** Supplied material follows **

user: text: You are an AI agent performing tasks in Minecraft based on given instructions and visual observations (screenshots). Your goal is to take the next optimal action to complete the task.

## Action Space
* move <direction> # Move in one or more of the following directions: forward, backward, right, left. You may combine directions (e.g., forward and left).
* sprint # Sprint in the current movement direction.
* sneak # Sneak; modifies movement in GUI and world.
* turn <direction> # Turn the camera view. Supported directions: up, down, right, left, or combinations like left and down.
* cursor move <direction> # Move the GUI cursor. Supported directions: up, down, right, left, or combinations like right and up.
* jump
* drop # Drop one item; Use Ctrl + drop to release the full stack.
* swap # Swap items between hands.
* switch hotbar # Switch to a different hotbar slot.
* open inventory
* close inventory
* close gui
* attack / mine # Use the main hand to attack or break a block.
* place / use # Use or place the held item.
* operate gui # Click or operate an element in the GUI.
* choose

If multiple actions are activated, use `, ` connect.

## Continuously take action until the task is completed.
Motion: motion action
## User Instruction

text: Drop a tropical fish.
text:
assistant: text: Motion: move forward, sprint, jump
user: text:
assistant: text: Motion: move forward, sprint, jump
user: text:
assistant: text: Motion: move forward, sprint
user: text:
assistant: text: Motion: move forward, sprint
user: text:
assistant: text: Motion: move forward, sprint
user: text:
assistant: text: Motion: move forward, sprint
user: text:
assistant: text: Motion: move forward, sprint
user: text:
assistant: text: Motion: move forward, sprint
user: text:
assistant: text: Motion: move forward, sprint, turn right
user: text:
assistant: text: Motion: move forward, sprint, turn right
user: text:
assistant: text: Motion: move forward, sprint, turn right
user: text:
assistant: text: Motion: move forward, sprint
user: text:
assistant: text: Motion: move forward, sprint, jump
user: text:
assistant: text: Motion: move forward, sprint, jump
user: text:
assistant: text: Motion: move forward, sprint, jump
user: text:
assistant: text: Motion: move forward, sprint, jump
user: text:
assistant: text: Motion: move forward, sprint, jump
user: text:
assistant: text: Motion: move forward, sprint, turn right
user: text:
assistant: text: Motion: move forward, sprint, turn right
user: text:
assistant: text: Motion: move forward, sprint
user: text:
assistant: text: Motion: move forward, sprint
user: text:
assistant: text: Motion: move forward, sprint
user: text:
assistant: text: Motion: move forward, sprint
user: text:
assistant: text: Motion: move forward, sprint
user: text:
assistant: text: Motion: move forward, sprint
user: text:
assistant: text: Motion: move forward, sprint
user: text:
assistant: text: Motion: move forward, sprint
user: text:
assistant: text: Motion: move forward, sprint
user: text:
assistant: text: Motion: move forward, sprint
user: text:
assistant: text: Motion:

** End of Supplied material **

▸ Work instruction: Your response should consist of the records, printed exactly.

▸ Task answer:
user: text: You are an AI agent performing tasks in Minecraft based on given instructions and visual observations (screenshots). Your goal is to take the next optimal action to complete the task.

## Action Space
* move <direction> # Move in one or more of the following directions: forward, backward, right, left. You may combine directions (e.g., forward and left).
* sprint # Sprint in the current movement direction.
* sneak # Sneak; modifies movement in GUI and world.
* turn <direction> # Turn the camera view. Supported directions: up, down, right, left, or combinations like left and down.
* cursor move <direction> # Move the GUI cursor. Supported directions: up, down, right, left, or combinations like right and up.
* jump
* drop # Drop one item; Use Ctrl + drop to release the full stack.
* swap # Swap items between hands.
* switch hotbar # Switch to a different hotbar slot.
* open inventory
* close inventory
* close gui
* attack / mine # Use the main hand to attack or break a block.
* place / use # Use or place the held item.
* operate gui # Click or operate an element in the GUI.
* choose

If multiple actions are activated, use `, ` connect.

## Continuously take action until the task is completed.
Motion: motion action
## User Instruction

text: Drop a tropical fish.
text:
assistant: text: Motion: move forward, sprint, jump
user: text:
assistant: text: Motion: move forward, sprint, jump
user: text:
assistant: text: Motion: move forward, sprint
user: text:
assistant: text: Motion: move forward, sprint
user: text:
assistant: text: Motion: move forward, sprint
user: text:
assistant: text: Motion: move forward, sprint
user: text:
assistant: text: Motion: move forward, sprint
user: text:
assistant: text: Motion: move forward, sprint
user: text:
assistant: text: Motion: move forward, sprint, turn right
user: text:
assistant: text: Motion: move forward, sprint, turn right
user: text:
assistant: text: Motion: move forward, sprint, turn right
user: text:
assistant: text: Motion: move forward, sprint
user: text:
assistant: text: Motion: move forward, sprint, jump
user: text:
assistant: text: Motion: move forward, sprint, jump
user: text:
assistant: text: Motion: move forward, sprint, jump
user: text:
assistant: text: Motion: move forward, sprint, jump
user: text:
assistant: text: Motion: move forward, sprint, jump
user: text:
assistant: text: Motion: move forward, sprint, turn right
user: text:
assistant: text: Motion: move forward, sprint, turn right
user: text:
assistant: text: Motion: move forward, sprint
user: text:
assistant: text: Motion: move forward, sprint
user: text:
assistant: text: Motion: move forward, sprint
user: text:
assistant: text: Motion: move forward, sprint
user: text:
assistant: text: Motion: move forward, sprint
user: text:
assistant: text: Motion: move forward, sprint
user: text:
assistant: text: Motion: move forward, sprint
user: text:
assistant: text: Motion: move forward, sprint
user: text:
assistant: text: Motion: move forward, sprint
user: text:
assistant: text: Motion: move forward, sprint
user: text:
assistant: text: Motion:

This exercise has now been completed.